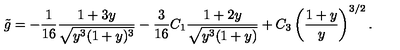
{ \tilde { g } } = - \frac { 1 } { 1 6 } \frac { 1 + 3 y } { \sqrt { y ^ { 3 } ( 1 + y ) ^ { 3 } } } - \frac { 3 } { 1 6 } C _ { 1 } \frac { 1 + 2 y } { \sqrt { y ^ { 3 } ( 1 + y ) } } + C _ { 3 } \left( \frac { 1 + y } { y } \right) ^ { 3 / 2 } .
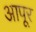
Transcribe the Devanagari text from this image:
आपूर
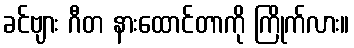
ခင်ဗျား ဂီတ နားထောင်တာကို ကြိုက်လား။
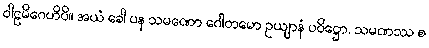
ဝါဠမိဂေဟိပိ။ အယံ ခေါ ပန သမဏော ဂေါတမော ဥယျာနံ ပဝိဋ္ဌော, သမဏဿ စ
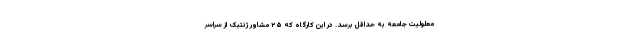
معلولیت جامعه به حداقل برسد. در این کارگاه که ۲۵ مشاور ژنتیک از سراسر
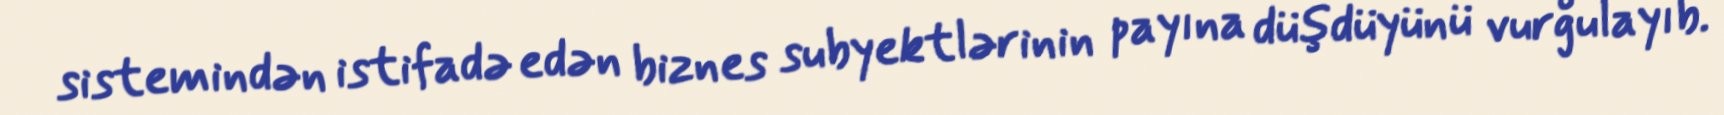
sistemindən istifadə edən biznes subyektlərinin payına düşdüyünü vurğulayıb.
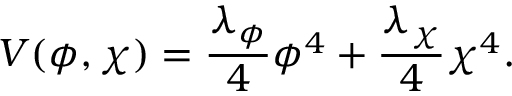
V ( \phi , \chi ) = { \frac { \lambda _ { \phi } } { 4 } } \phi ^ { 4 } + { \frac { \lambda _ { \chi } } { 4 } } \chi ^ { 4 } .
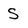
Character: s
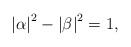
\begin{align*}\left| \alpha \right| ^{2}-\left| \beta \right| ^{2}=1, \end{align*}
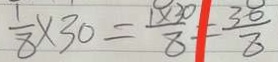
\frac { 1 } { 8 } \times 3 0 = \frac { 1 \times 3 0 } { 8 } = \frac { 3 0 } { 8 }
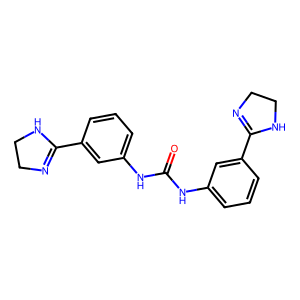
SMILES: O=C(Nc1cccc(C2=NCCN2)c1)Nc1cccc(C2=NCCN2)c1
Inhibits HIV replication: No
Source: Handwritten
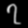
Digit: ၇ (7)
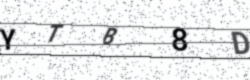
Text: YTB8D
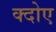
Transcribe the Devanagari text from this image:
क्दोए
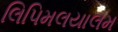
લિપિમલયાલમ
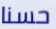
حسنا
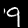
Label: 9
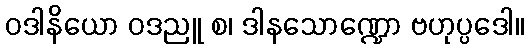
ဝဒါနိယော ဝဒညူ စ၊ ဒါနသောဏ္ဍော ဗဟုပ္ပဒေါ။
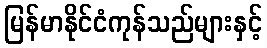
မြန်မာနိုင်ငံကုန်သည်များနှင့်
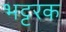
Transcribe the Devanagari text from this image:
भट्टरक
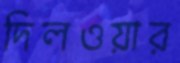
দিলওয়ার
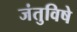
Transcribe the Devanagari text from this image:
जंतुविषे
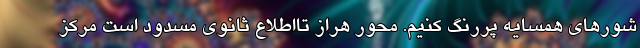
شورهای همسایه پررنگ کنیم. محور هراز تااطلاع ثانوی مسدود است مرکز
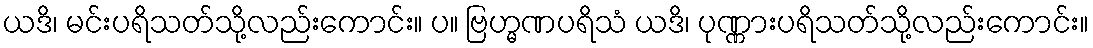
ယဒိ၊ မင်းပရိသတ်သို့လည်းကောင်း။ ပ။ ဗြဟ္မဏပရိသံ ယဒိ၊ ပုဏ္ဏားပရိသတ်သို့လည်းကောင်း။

» TASK TO COMPLETE
Set down all the data again exactly as above, pictures excluded.

» YOUR RESPONSE
{ \tilde { g } } = - \frac { 1 } { 1 6 } \frac { 1 + 3 y } { \sqrt { y ^ { 3 } ( 1 + y ) ^ { 3 } } } - \frac { 3 } { 1 6 } C _ { 1 } \frac { 1 + 2 y } { \sqrt { y ^ { 3 } ( 1 + y ) } } + C _ { 3 } \left( \frac { 1 + y } { y } \right) ^ { 3 / 2 } .
Transcribe the Devanagari text from this image:
आपूर
ခင်ဗျား ဂီတ နားထောင်တာကို ကြိုက်လား။
ဝါဠမိဂေဟိပိ။ အယံ ခေါ ပန သမဏော ဂေါတမော ဥယျာနံ ပဝိဋ္ဌော, သမဏဿ စ
معلولیت جامعه به حداقل برسد. در این کارگاه که ۲۵ مشاور ژنتیک از سراسر
sistemindən istifadə edən biznes subyektlərinin payına düşdüyünü vurğulayıb.
V ( \phi , \chi ) = { \frac { \lambda _ { \phi } } { 4 } } \phi ^ { 4 } + { \frac { \lambda _ { \chi } } { 4 } } \chi ^ { 4 } .
Character: s
\begin{align*}\left| \alpha \right| ^{2}-\left| \beta \right| ^{2}=1, \end{align*}
\frac { 1 } { 8 } \times 3 0 = \frac { 1 \times 3 0 } { 8 } = \frac { 3 0 } { 8 }
SMILES: O=C(Nc1cccc(C2=NCCN2)c1)Nc1cccc(C2=NCCN2)c1
Inhibits HIV replication: No
Source: Handwritten
Digit: ၇ (7)
Text: YTB8D
Transcribe the Devanagari text from this image:
क्दोए
લિપિમલયાલમ
حسنا
Label: 9
ဝဒါနိယော ဝဒညူ စ၊ ဒါနသောဏ္ဍော ဗဟုပ္ပဒေါ။
မြန်မာနိုင်ငံကုန်သည်များနှင့်
Transcribe the Devanagari text from this image:
भट्टरक
দিলওয়ার
Transcribe the Devanagari text from this image:
जंतुविषे
شورهای همسایه پررنگ کنیم. محور هراز تااطلاع ثانوی مسدود است مرکز
ယဒိ၊ မင်းပရိသတ်သို့လည်းကောင်း။ ပ။ ဗြဟ္မဏပရိသံ ယဒိ၊ ပုဏ္ဏားပရိသတ်သို့လည်းကောင်း။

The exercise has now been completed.